Returning workers from KSA: Action impossible without formal complaints, says minister


Two female workers returning from Saudi Arabia at the Shahjalal International Airport recently Rajib Dhar/Dhaka Tribune

In May, 260 workers returned home, while 188 more came back in June, Shariful said

Although the government’s “inaction” has been blamed for the slow return of female domestic help abused in Saudi Arabia, Expatriates’ Welfare and Overseas Employment Minister, Nurul Islam, said action cannot be taken unless victims lodge formal complaints.

The minister also said that based on media reports, ministry officials went to the homes of some abused workers, , but their addresses were found to be incorrect.

“Someone must formally lodge a complaint so that the ministry can take necessary steps,” he added.

Md Shariful Hasan, program head of Brac Migration, said that over 5,000 female workers who worked as domestic help in Saudi Arabia had returned home over the past three years.

He cited non-payment of salaries, as well as physical, mental, and sexual harassment as the reasons behind their return.

In May, 260 workers returned home, while 188 more came back in June, Shariful said.

Although seven workers have reportedly become mentally unstable as a result of the abuse, the government has taken no effective preventive measures, he said.

Criticising “government inaction” in the return of abused female domestic workers from the Middle East, Transparency International Bangladesh (TIB), recently demanded the government take immediate action to stop such injustices and ensure the accountability of the agencies concerned.

TIB Executive Director Dr Iftekharuzzaman said: “The of the Abused workers returning from the Middle East reflects the absence of good governance in the overseas recruitment sector, as well as the inaction of authorities concerned, and the lack of their responsiveness to women’s rights.”

Rupali, 26, who hails from Chandpur’s Matlab upazila, returned home on June 30. She went to Saudi Arabia two years ago, but stopped sending back her wages 10 months into her employment, said her mother Fatima Khatun.

She came back for a vacation after staying there for 14 months, and returned this time mentally unstable, Fatima said. “She now talks incoherently.”

Tania, 21, from Dhaka, told UNB she returned home one month ago as her employer used to abuse her both physically and sexually – hitting her if she did not comply with his wishes.

She added that she had tried to tell her employer’s wife everything, but could not do so out of fear.

Hailing from Sylhet, Rehana, 30, who returned home three months ago, said she was employed at a Saudi home for nine months, but she received wages for the first three months only and nothing afterwards.

She also said they did not let her eat or rest properly.
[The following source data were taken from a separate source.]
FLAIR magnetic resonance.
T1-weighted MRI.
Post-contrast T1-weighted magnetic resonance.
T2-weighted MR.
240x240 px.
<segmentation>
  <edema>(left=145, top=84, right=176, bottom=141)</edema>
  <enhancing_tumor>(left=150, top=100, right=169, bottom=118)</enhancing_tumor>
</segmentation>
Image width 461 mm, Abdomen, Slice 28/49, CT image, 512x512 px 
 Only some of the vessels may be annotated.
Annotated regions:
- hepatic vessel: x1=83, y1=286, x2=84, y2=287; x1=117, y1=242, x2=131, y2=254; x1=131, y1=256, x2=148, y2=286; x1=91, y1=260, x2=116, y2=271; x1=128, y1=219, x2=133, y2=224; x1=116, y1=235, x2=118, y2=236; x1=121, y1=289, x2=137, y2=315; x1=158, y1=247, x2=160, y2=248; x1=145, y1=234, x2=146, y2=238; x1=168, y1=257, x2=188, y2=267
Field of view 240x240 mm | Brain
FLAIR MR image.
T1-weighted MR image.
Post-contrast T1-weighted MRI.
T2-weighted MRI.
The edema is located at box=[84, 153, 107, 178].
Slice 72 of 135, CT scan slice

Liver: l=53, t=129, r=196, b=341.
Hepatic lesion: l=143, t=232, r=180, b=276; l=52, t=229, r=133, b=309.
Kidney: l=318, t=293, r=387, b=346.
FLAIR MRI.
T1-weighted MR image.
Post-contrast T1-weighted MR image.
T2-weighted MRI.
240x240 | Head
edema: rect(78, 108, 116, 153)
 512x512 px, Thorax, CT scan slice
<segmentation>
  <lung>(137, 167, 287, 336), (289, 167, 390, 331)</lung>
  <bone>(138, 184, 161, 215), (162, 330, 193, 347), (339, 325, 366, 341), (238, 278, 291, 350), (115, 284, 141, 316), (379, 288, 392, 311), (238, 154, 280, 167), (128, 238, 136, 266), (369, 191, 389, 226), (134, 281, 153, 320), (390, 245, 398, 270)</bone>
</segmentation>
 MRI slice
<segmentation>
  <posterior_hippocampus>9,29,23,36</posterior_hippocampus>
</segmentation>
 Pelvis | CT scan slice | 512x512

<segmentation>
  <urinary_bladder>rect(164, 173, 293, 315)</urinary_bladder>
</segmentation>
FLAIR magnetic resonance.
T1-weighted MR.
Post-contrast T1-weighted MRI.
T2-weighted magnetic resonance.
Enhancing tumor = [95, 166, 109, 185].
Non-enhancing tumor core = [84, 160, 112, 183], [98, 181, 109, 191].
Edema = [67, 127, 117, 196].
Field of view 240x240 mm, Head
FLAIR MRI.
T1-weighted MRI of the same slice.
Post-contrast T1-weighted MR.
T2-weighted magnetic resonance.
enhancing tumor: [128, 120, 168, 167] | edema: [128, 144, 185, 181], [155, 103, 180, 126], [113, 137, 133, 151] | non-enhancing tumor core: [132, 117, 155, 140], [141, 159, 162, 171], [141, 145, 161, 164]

She spent Tk1.5 lakh to go to Saudi Arabia.

Bangladesh Association of International Recruiting Agencies (Baira) Joint Secretary, General Shameem Ahmed Chowdhury Noman, said that Bangladesh started sending female workers to Saudi Arabia towards the end of 2015.

There are currently 215,000 female workers in KSA, and 500-600 more workers go there every day, he added.

Refuting the allegations of returning workers, he said: “First of all, female workers are sent to Saudi Arabia free of cost, but they have to sign a bond stating they will not return to Bangladesh in the first two years.”

“Some want to return home without any valid reason and they themselves have to bear the cost of coming back, about Tk2 lakh. In order to return as soon as possible, they raise allegations of abuse and non-payment of wages” he said, adding that the government later pressures the recruiting agencies to bear the cost of return.

The allegations of workers are fabricated, Noman claimed.

Citing sources from the Bangladesh Embassy and Expatriates’ Welfare Ministry, he said the percentage of workers who are abused is 0.03%.